㈡、經查本件上訴人主張兩造間僱傭關係不存在,其得⒈依據戒嚴時期人民受損權利回復條例得向法院請求冤獄賠償、⒉依據戒嚴時期不當叛亂暨匪諜審判案件補償條例之規定得向基金會申請補償、⒊被上訴人剝奪上訴人選舉權、工作權、居住權、自由權,上訴人得依侵權行為損害賠償、⒋被上訴人否認上訴人之主張,辯稱依法聘僱上訴人,則上訴人不得行使上述權利,但亦有薪資、年資證明、退休金、保險金等多項請求權存在等語。從而兩造間有無聘僱關係,將影響上訴人所得主張之權利,是以上訴人於本件所請求確認者固屬過去之法律關係,然上訴人主觀上認其現在仍存有法律上之利益,故上訴人提起本件確認訴訟,仍有即受確認判決之法律上利益。被上訴人抗辯上訴人無確認利益云云,尚有未洽。
貳、實體方面
一、本件上訴人主張:上訴人因涉嫌叛亂案件於民國四十九年十二月十六日,經陸軍總部軍法處裁定交付感化一年,業經補償,上訴人對感化並予免職處分不服,認為免職及感訓期間薪津未發,於法不合,並引據軍事審判法第十八條規定「軍法官非依法不得減俸、停職、免職」及第二十條規定「軍法官停職期間仍照支薪給之全數」為由四處陳情,經行政院,國防部,陸總部受理,但均未能解決。上訴人遂準備於五十八年三月二十九日中國國民黨召開十全大會時,在台北西門鬧區散發呼冤白布、白紙,期間曾經前臺灣警備總司令部(下稱警總)約談、告誡,上訴人均不予理會,警總即派人將白布、白紙強行取走,並將上訴人非法關押保安處,經調查上訴人並無犯罪事實,茲因上訴人對政府不滿,可能導致社會不安,且有感化前科、擾亂社會秩序之虞,故上訴人於同年四月一日被強押至外島隔離,為掩人耳目,上訴人係以雇員名義被安置,但上訴人從未與警總簽訂聘僱契約,警總亦未支薪,雖警總曾與上訴人協議將發薪資,茲因上訴人提出質疑而未受領。上訴人復於六十三年被強行移送綠島指揮部繼續非法羈押,至七十年六月三十日始獲釋。

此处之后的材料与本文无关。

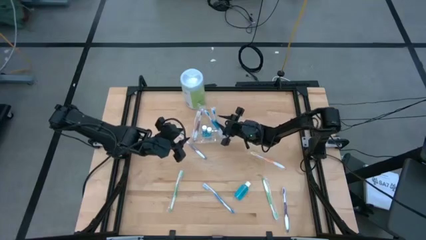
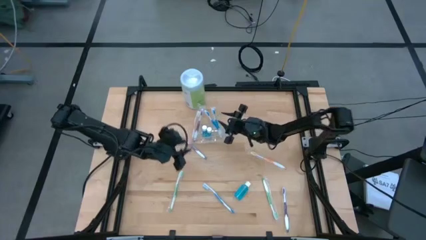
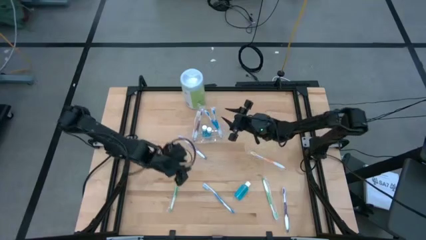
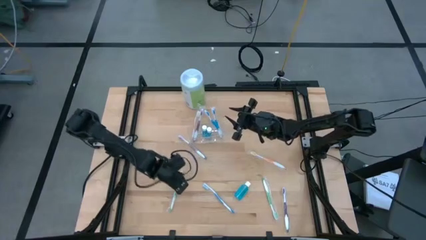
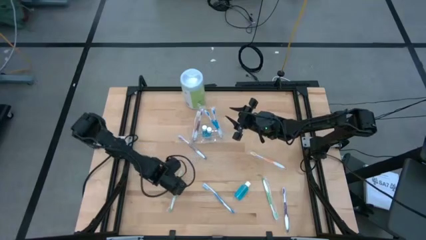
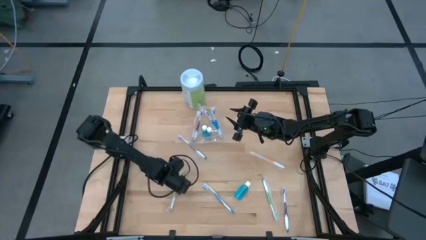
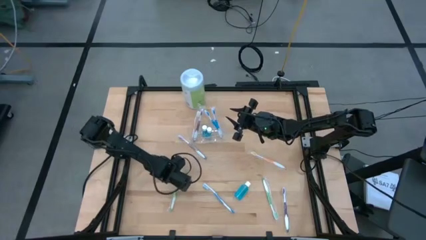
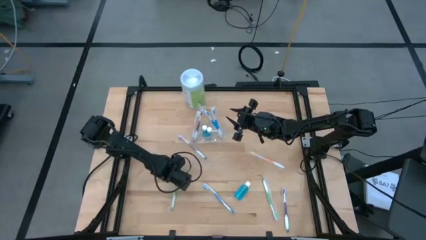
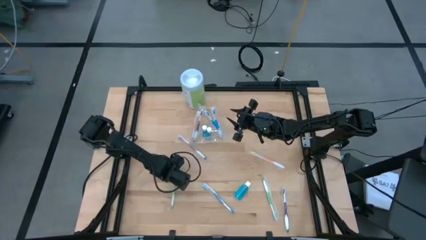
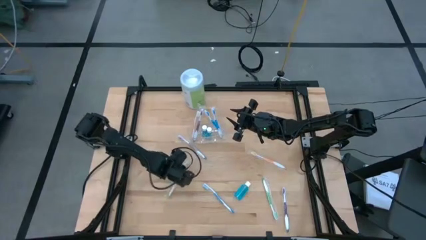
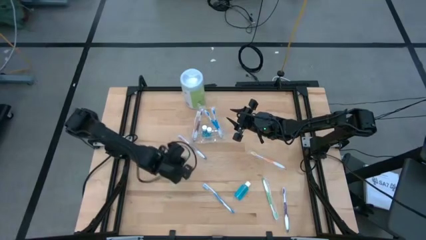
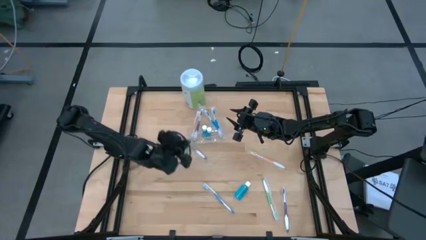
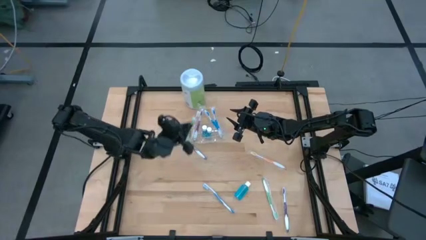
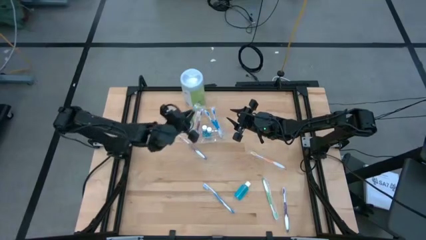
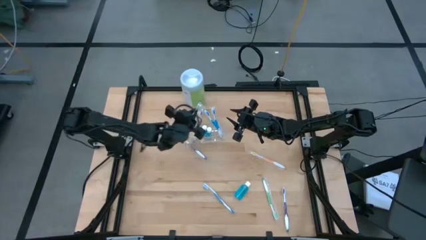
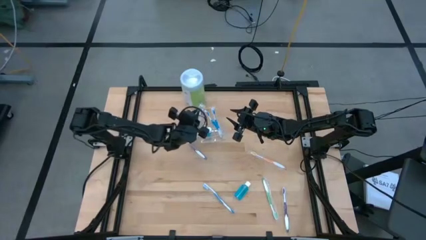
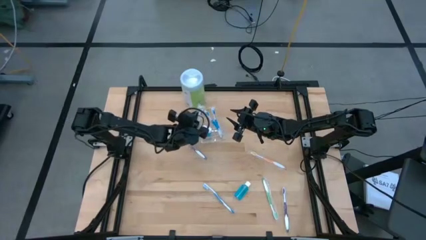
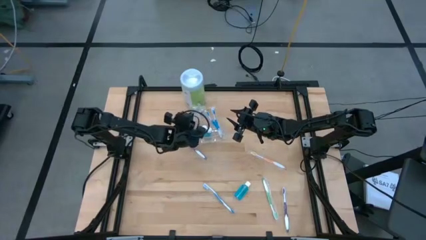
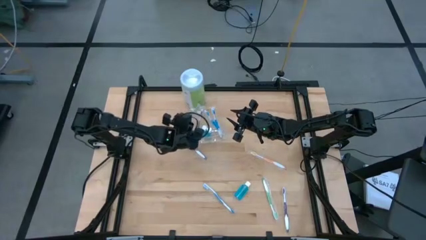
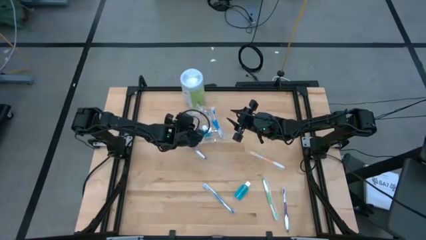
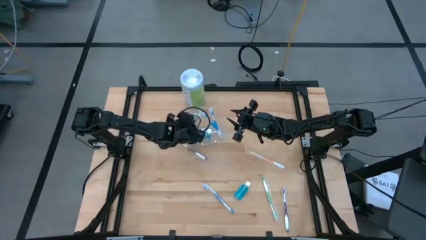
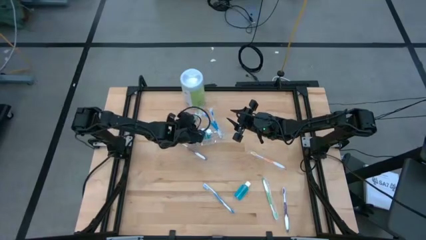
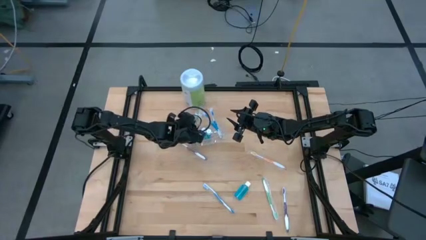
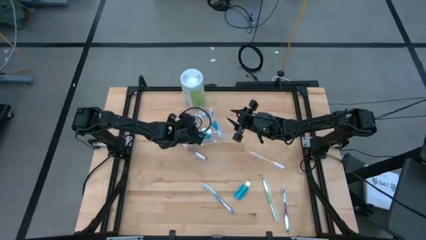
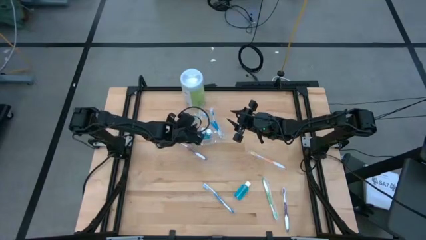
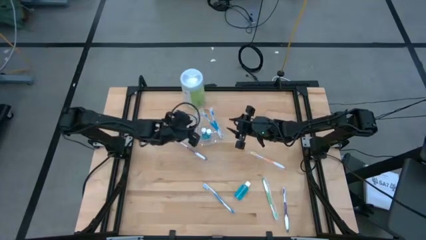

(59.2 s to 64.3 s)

上訴人於五十八年至七十年間,遭非法羈押共計四千四百七十五天,已依戒嚴時期不當叛亂暨匪諜審判案件補償條例,向財團法人戒嚴時期不當叛亂暨匪諜審判案件補償基金會領取補償金,並依戒嚴時期人民受損權利回復條例,向法院聲請冤獄賠償,業經臺灣彰化地方法院九十年度賠字第一一號判准賠償在案;但上訴人遭非法羈押期間從未支領警總所謂的薪資。上訴人在外島期間,警總竟依據「監所人犯河職訓總隊犯人共同戶內,並在犯人遷入刑人」,但上訴人並未經法院判決或裁定,警總即將無罪公民之上開辦法而強行遷入犯人共同事業戶內,已剝奪憲法賦予公民之權利。按國防部所頒軍中文職聘僱人員相關規定,必需公開甄選思想忠貞、堅決反共,且應一年一聘,經雙方合意始簽訂聘僱契約。上訴人既有叛亂前科、思想不貞、涉嫌傾共,根本甄選不合格又如何聘僱,更遑論簽訂聘僱契約。雖警總出示聘僱證明,但該證明乃係其為了逃避法律責任所出具與事實不符之證明,警總單方之意思表示,在法律上不生效力,即雙方聘僱關係並不存在。警總應另行出示聘僱契約、支薪證明、扣繳憑單、保險證明、用人機關年度預算、人事經費憑證及年度考核表,若無此資料,則可證明上訴人與警總間並無任何聘僱契約存在。從而,兩造聘僱關係若不存在,則被上訴人所為係侵權行為,依法須負損害賠償責任;若兩造聘僱關係存在,則上訴人有權請求被上訴人補發薪資、退職金、年資證明及保險金等項權益。又本件上訴人不論向法院提出冤獄賠償或向財團法人戒嚴時期不當叛亂暨匪諜審判案件補償基金會提出補償,皆須先確認兩造間有無僱傭關係,以便判斷是否可獲得賠償或補償,是本件有確認之訴之法律上利益。爰求為判決確認上訴人與被上訴人間自五十八年四月一日起至七十年六月三十日止聘僱關係不存在(上開請求,原審為上訴人全部敗訴之判決)。並於本院上訴聲明:㈠原判決廢棄。㈡確認上訴人與被上訴人間自民國五十八年四月一日起至七十年六月三十日止聘僱關係不存在。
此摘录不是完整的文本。